» Work request:
Transcribe every entry word for word, but skip the images.

» Data section:
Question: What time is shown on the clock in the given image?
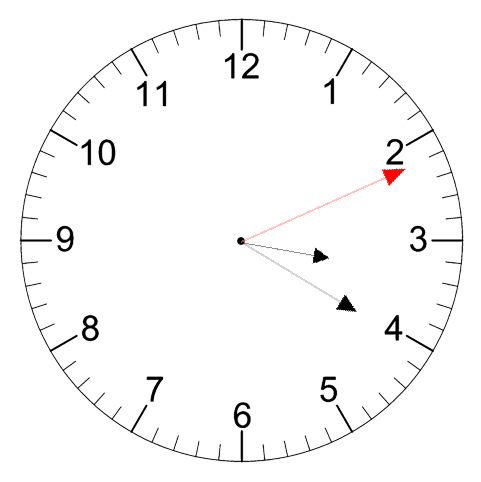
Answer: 03:20:11
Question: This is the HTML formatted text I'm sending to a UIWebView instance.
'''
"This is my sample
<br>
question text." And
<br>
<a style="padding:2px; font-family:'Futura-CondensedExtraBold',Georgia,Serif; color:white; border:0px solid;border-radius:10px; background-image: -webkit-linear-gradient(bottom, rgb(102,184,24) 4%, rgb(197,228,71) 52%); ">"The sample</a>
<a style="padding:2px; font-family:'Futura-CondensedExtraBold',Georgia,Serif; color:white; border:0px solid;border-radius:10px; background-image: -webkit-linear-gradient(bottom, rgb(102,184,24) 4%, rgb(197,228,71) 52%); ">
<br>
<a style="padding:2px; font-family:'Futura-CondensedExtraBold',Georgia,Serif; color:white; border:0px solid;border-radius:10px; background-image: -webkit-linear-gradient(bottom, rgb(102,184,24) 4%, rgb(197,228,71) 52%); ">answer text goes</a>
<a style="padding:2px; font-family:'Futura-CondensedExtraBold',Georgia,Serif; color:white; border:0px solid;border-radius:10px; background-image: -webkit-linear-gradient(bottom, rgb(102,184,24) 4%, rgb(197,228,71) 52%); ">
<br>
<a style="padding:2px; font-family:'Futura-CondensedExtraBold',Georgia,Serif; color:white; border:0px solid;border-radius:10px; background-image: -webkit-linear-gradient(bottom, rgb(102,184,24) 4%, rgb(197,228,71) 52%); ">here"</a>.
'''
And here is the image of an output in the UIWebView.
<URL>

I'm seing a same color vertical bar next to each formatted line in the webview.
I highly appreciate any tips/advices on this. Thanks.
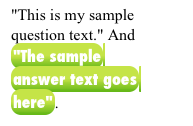
Answer: Because your code has 2 '<a>' which does not contain any text and even it has no '</a>' end tag (). And you have given 'style="padding:2px"' to them. So it will pad 2px inside '<a>' tag and will show background color.
Remove that 2 '<a>' and it will work as you want.
<URL>
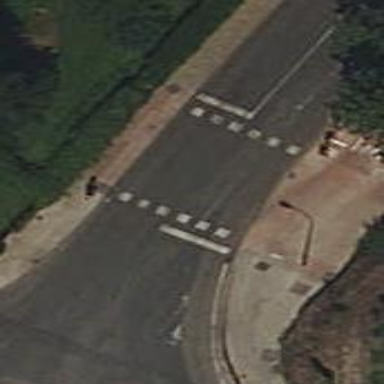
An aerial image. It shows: Road with traffic signals at crossing.
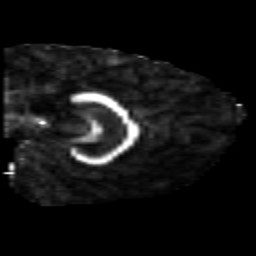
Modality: FA
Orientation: sagittal
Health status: healthy
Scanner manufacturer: siemens
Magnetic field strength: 3 T
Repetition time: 10 s
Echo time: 0.092 s
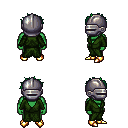
a pixel art fantasy rpg character, male body template, orc, green skin, green robe, gold greaves, green bedhead hairstyle, metal helm, gold boots, four views (front, back, left, right), 2x2 character sprite sheet, small pixel art, hard edges, no anti-aliasing
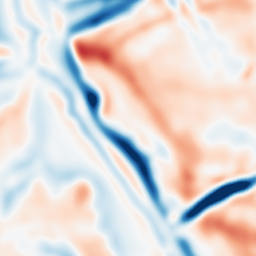
Category: multiscale
Decomposition family: dog
Decomposition parameters: sigma_low: 5
sigma_high: 10
Upsampling method: regularized
Upsampling parameters: scale: 2
lambda_reg: 0.01
Upsampling scale: 2
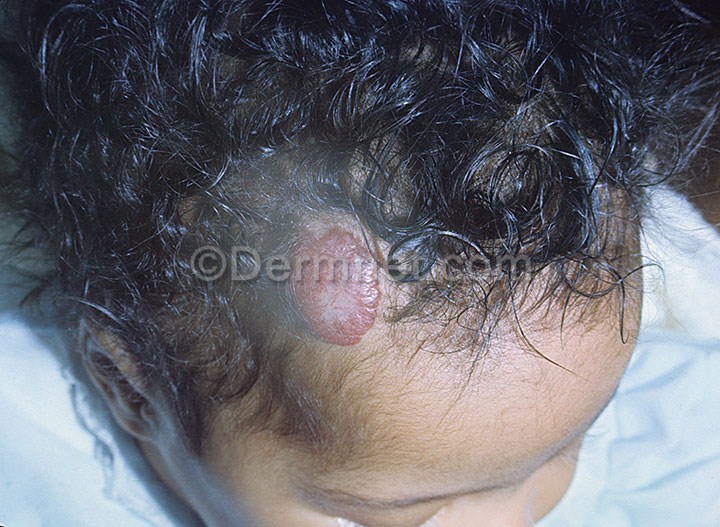
Disease: Vascular Tumors
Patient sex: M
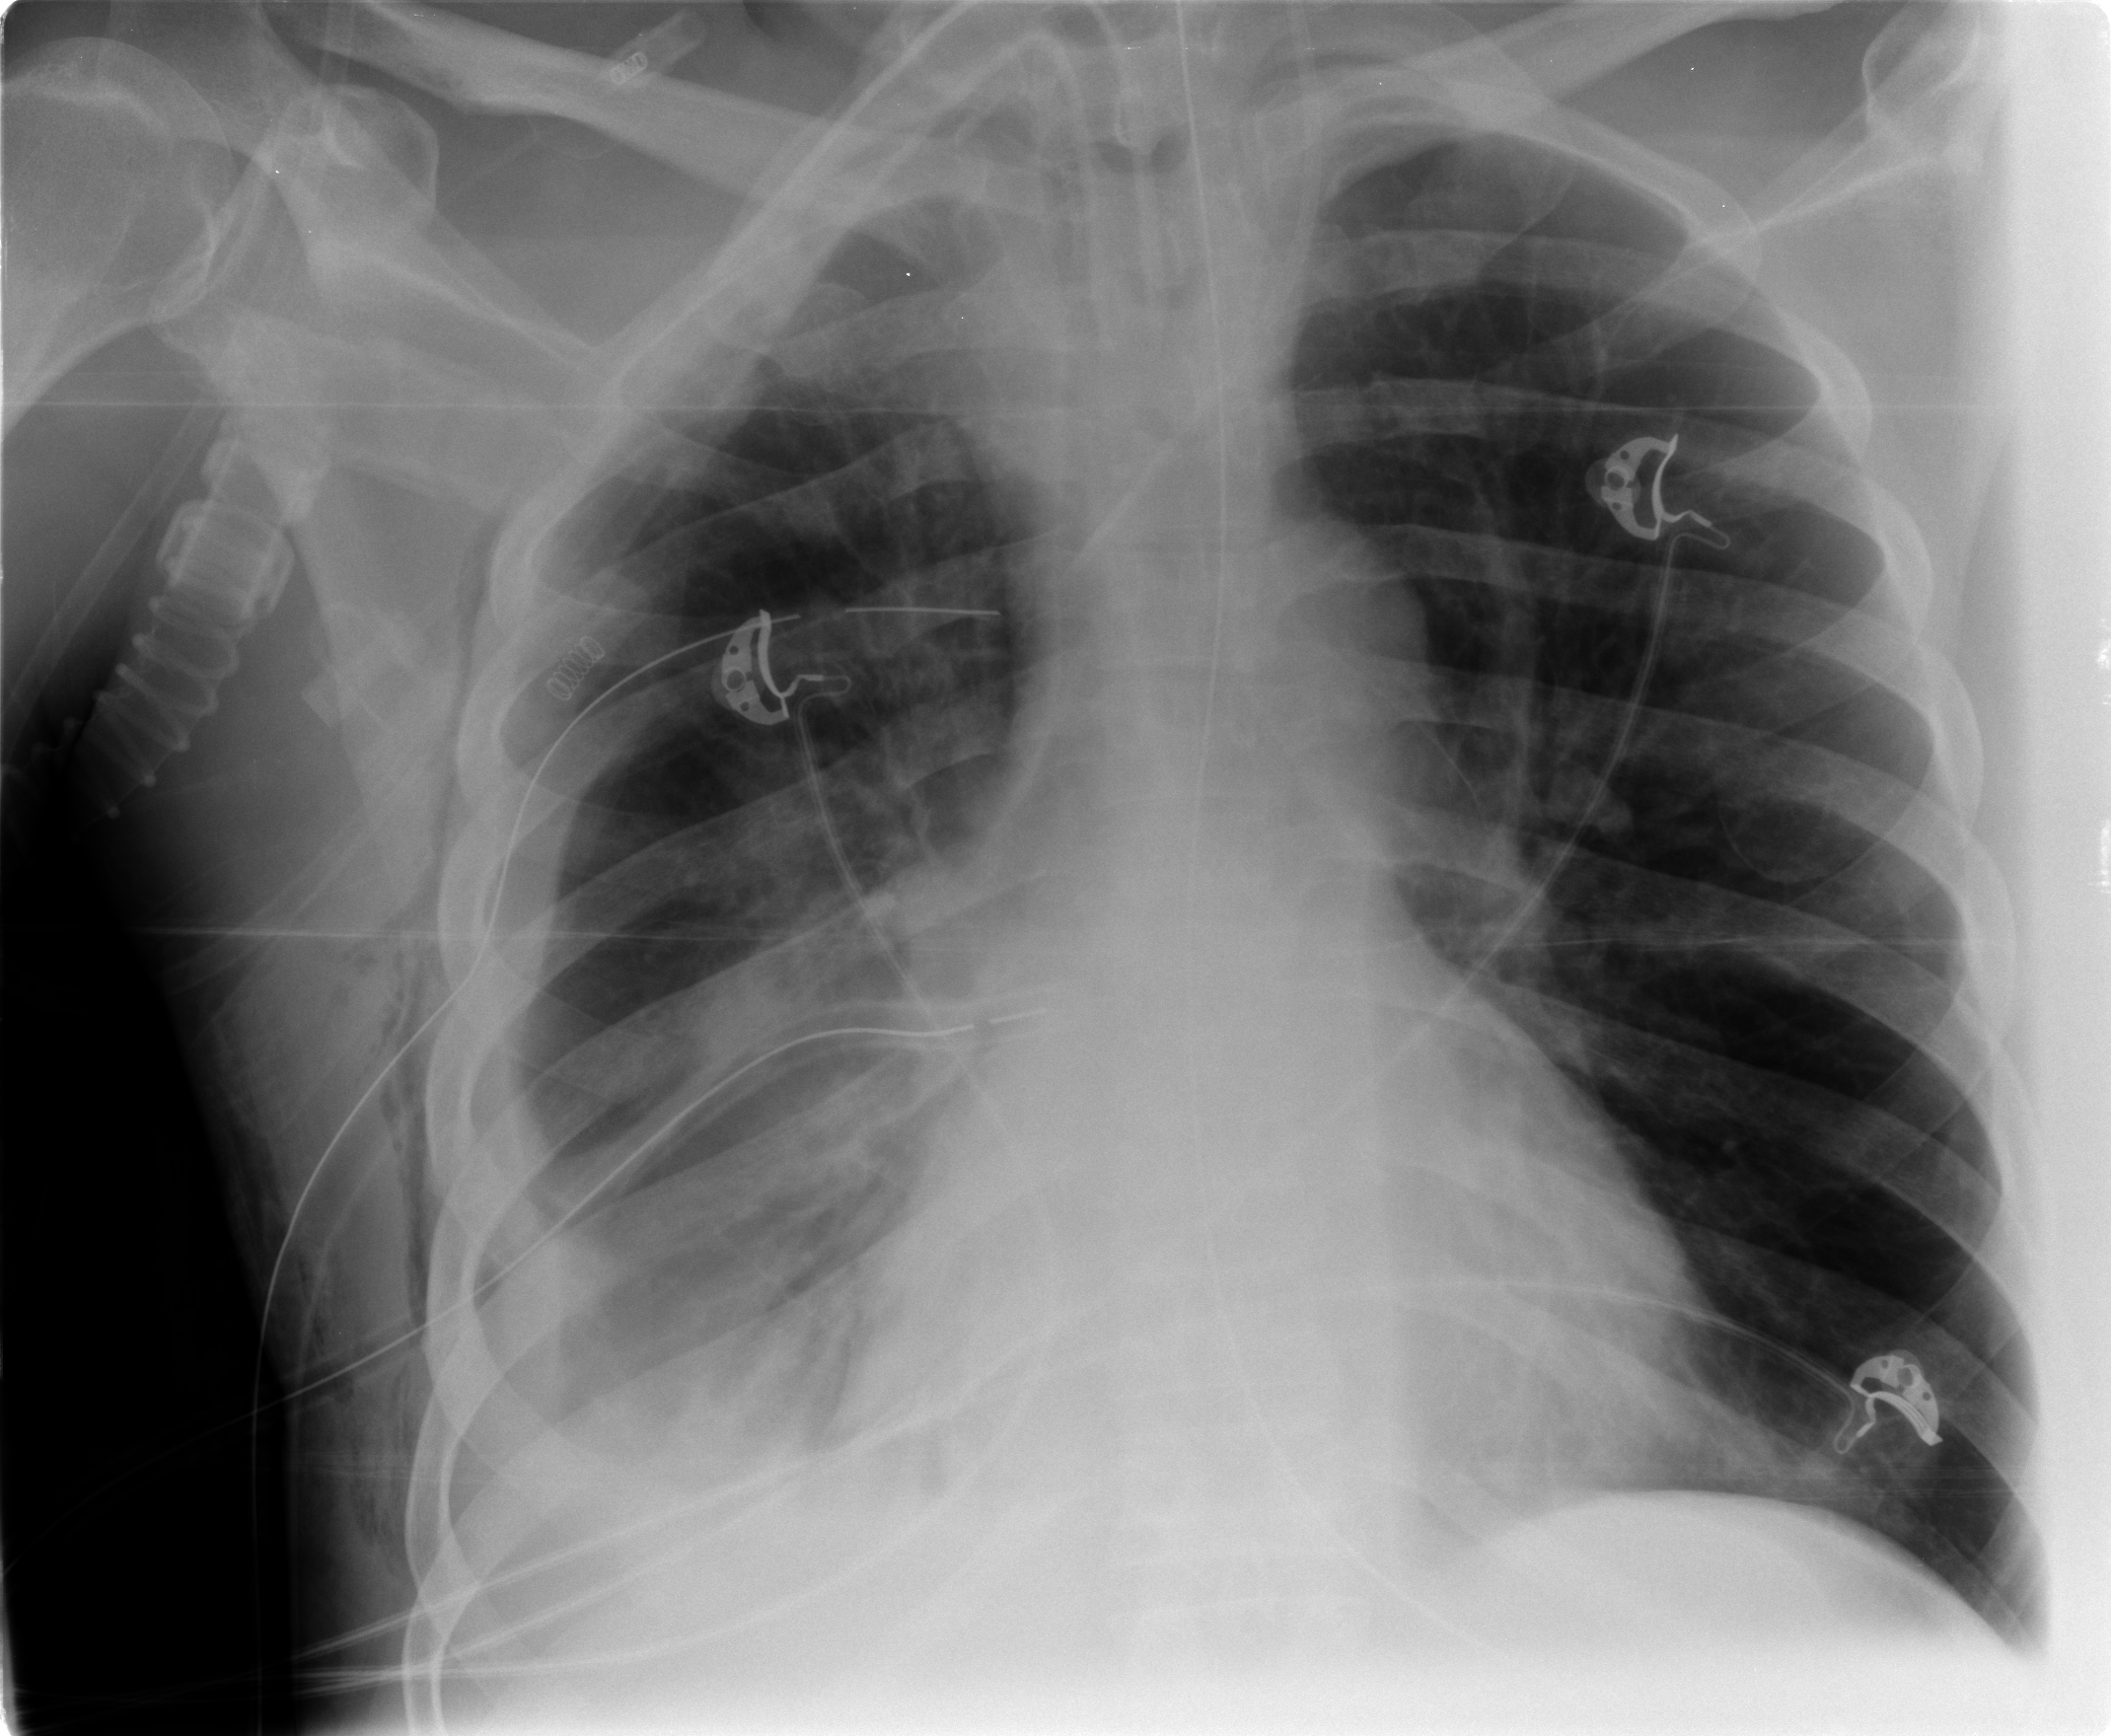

» Answer box:
Question: What time is shown on the clock in the given image?
Answer: 03:20:11
Question: This is the HTML formatted text I'm sending to a UIWebView instance.
'''
"This is my sample
<br>
question text." And
<br>
<a style="padding:2px; font-family:'Futura-CondensedExtraBold',Georgia,Serif; color:white; border:0px solid;border-radius:10px; background-image: -webkit-linear-gradient(bottom, rgb(102,184,24) 4%, rgb(197,228,71) 52%); ">"The sample</a>
<a style="padding:2px; font-family:'Futura-CondensedExtraBold',Georgia,Serif; color:white; border:0px solid;border-radius:10px; background-image: -webkit-linear-gradient(bottom, rgb(102,184,24) 4%, rgb(197,228,71) 52%); ">
<br>
<a style="padding:2px; font-family:'Futura-CondensedExtraBold',Georgia,Serif; color:white; border:0px solid;border-radius:10px; background-image: -webkit-linear-gradient(bottom, rgb(102,184,24) 4%, rgb(197,228,71) 52%); ">answer text goes</a>
<a style="padding:2px; font-family:'Futura-CondensedExtraBold',Georgia,Serif; color:white; border:0px solid;border-radius:10px; background-image: -webkit-linear-gradient(bottom, rgb(102,184,24) 4%, rgb(197,228,71) 52%); ">
<br>
<a style="padding:2px; font-family:'Futura-CondensedExtraBold',Georgia,Serif; color:white; border:0px solid;border-radius:10px; background-image: -webkit-linear-gradient(bottom, rgb(102,184,24) 4%, rgb(197,228,71) 52%); ">here"</a>.
'''
And here is the image of an output in the UIWebView.
<URL>

I'm seing a same color vertical bar next to each formatted line in the webview.
I highly appreciate any tips/advices on this. Thanks.
Answer: Because your code has 2 '<a>' which does not contain any text and even it has no '</a>' end tag (). And you have given 'style="padding:2px"' to them. So it will pad 2px inside '<a>' tag and will show background color.
Remove that 2 '<a>' and it will work as you want.
<URL>
An aerial image. It shows: Road with traffic signals at crossing.
Modality: FA
Orientation: sagittal
Health status: healthy
Scanner manufacturer: siemens
Magnetic field strength: 3 T
Repetition time: 10 s
Echo time: 0.092 s
a pixel art fantasy rpg character, male body template, orc, green skin, green robe, gold greaves, green bedhead hairstyle, metal helm, gold boots, four views (front, back, left, right), 2x2 character sprite sheet, small pixel art, hard edges, no anti-aliasing
Category: multiscale
Decomposition family: dog
Decomposition parameters: sigma_low: 5
sigma_high: 10
Upsampling method: regularized
Upsampling parameters: scale: 2
lambda_reg: 0.01
Upsampling scale: 2
Disease: Vascular Tumors
Patient sex: M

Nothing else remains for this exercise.